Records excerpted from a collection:
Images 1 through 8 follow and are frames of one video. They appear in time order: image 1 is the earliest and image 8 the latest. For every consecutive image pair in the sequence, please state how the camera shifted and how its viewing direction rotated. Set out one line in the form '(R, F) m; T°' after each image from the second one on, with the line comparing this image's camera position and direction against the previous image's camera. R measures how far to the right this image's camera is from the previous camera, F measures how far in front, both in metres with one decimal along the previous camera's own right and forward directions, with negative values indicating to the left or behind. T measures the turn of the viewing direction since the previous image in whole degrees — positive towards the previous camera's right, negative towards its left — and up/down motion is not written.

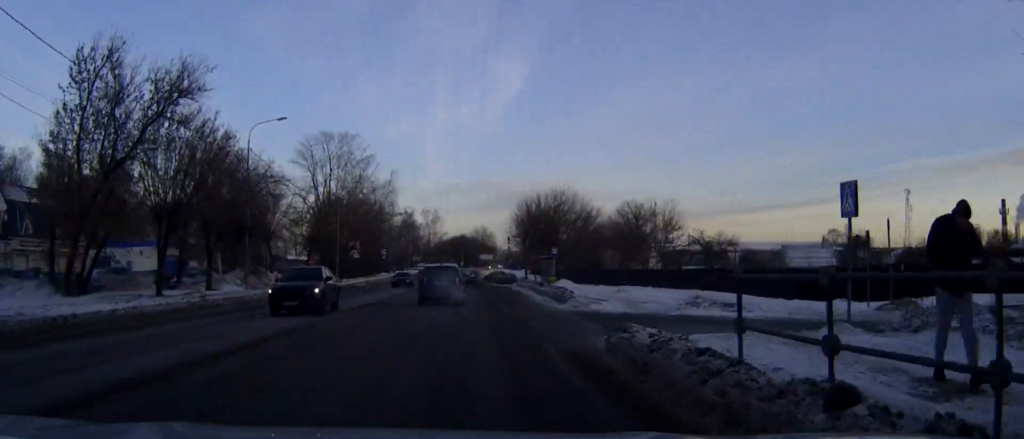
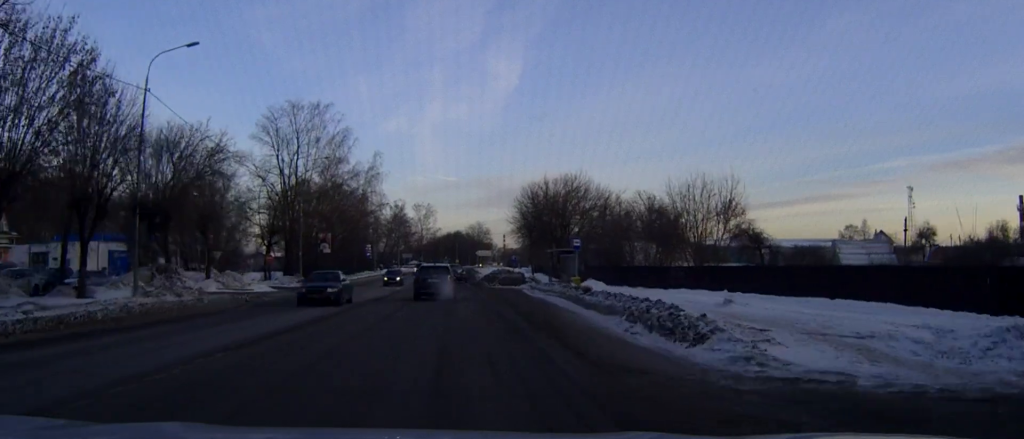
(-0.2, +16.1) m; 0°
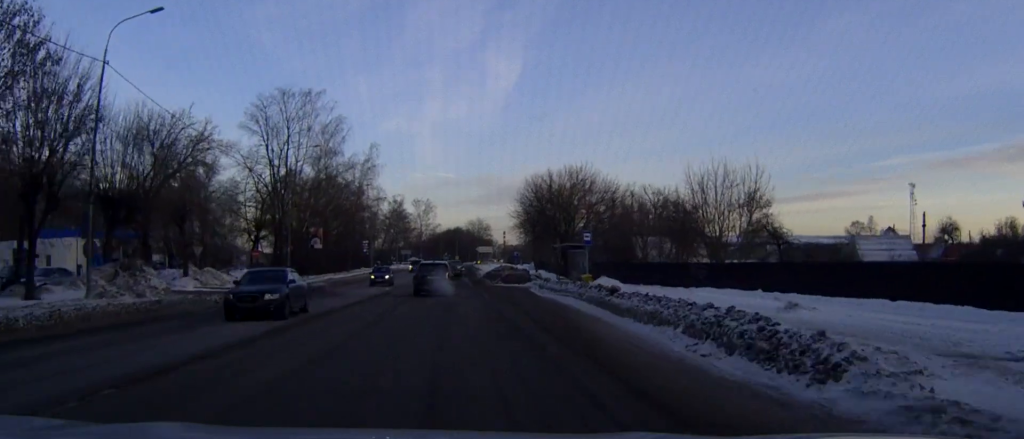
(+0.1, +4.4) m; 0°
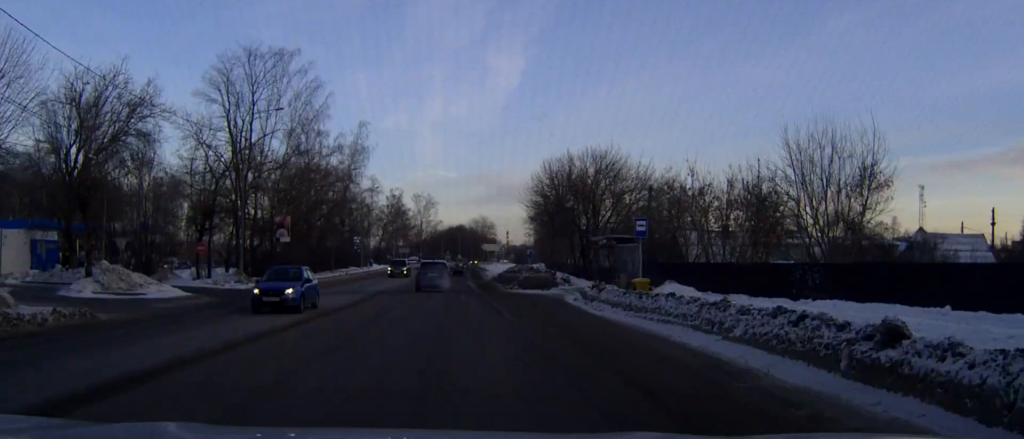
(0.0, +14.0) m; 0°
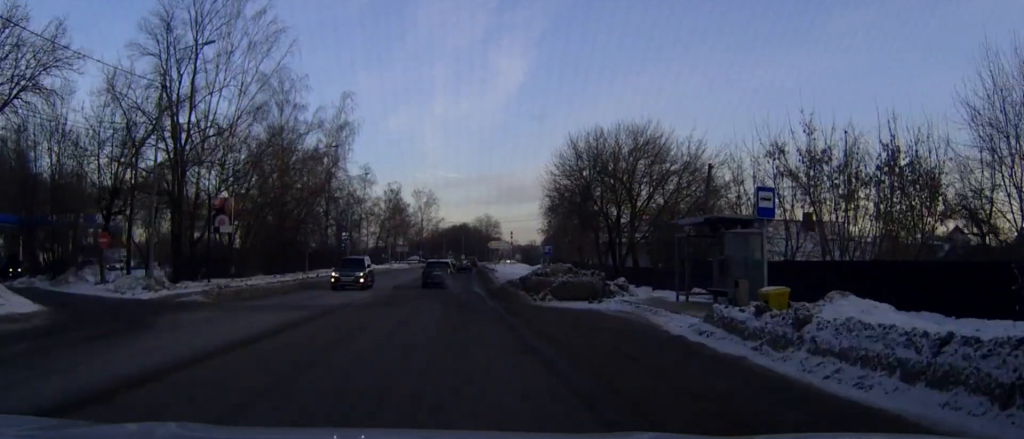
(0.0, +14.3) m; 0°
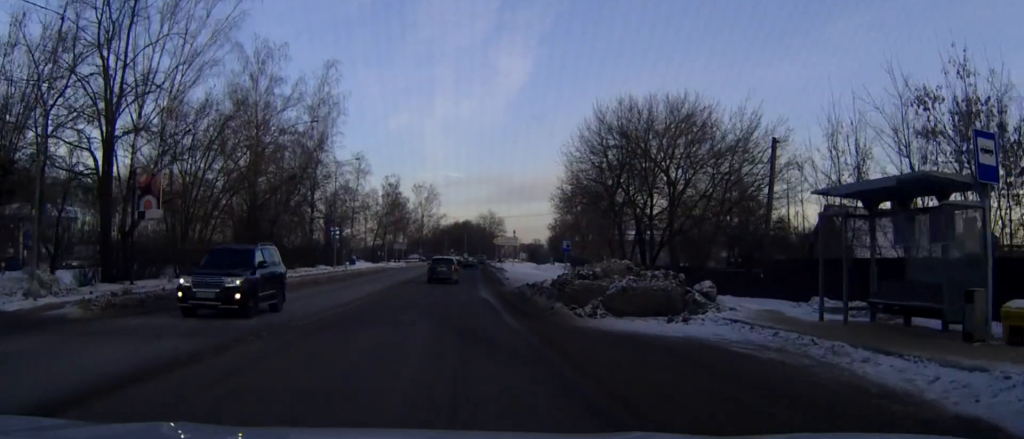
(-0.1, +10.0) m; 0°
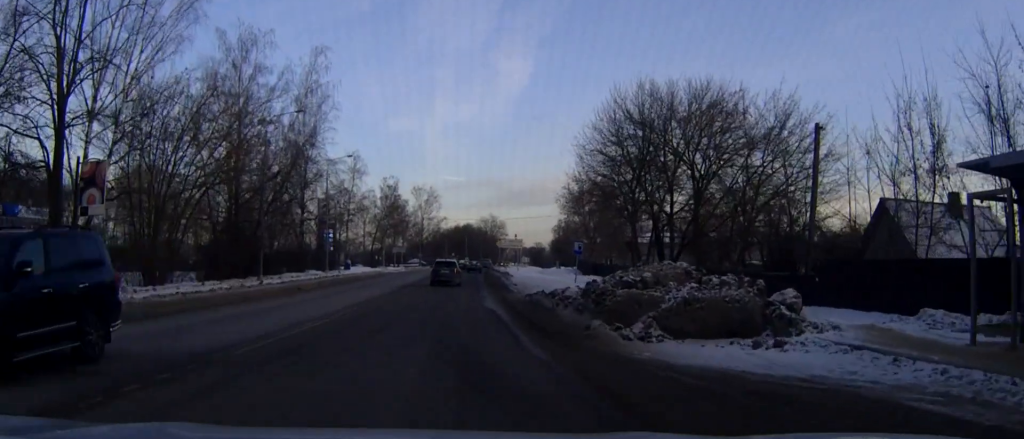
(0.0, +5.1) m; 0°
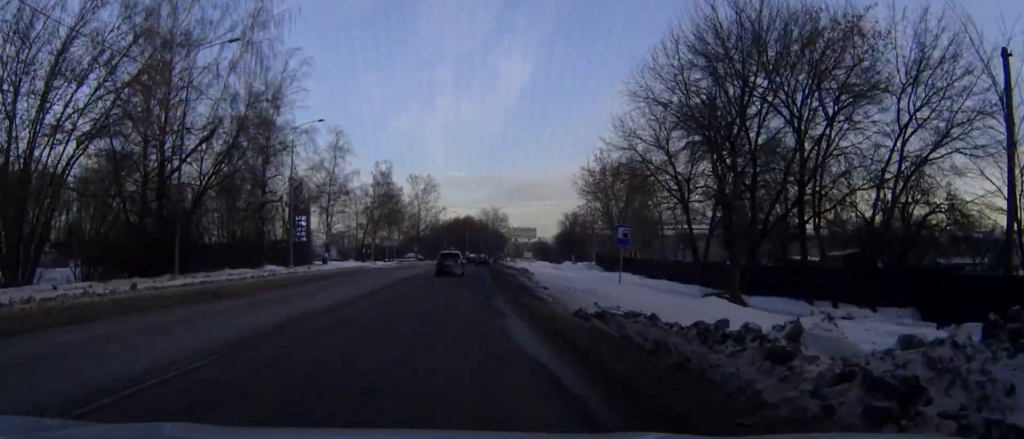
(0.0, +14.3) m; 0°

§ REQUIRED ACTION
You need to restate all of the entries above exactly and leave the pictures behind.

§ TASK OUTPUT
Images 1 through 8 follow and are frames of one video. They appear in time order: image 1 is the earliest and image 8 the latest. For every consecutive image pair in the sequence, please state how the camera shifted and how its viewing direction rotated. Set out one line in the form '(R, F) m; T°' after each image from the second one on, with the line comparing this image's camera position and direction against the previous image's camera. R measures how far to the right this image's camera is from the previous camera, F measures how far in front, both in metres with one decimal along the previous camera's own right and forward directions, with negative values indicating to the left or behind. T measures the turn of the viewing direction since the previous image in whole degrees — positive towards the previous camera's right, negative towards its left — and up/down motion is not written.

(-0.2, +16.1) m; 0°
(+0.1, +4.4) m; 0°
(0.0, +14.0) m; 0°
(0.0, +14.3) m; 0°
(-0.1, +10.0) m; 0°
(0.0, +5.1) m; 0°
(0.0, +14.3) m; 0°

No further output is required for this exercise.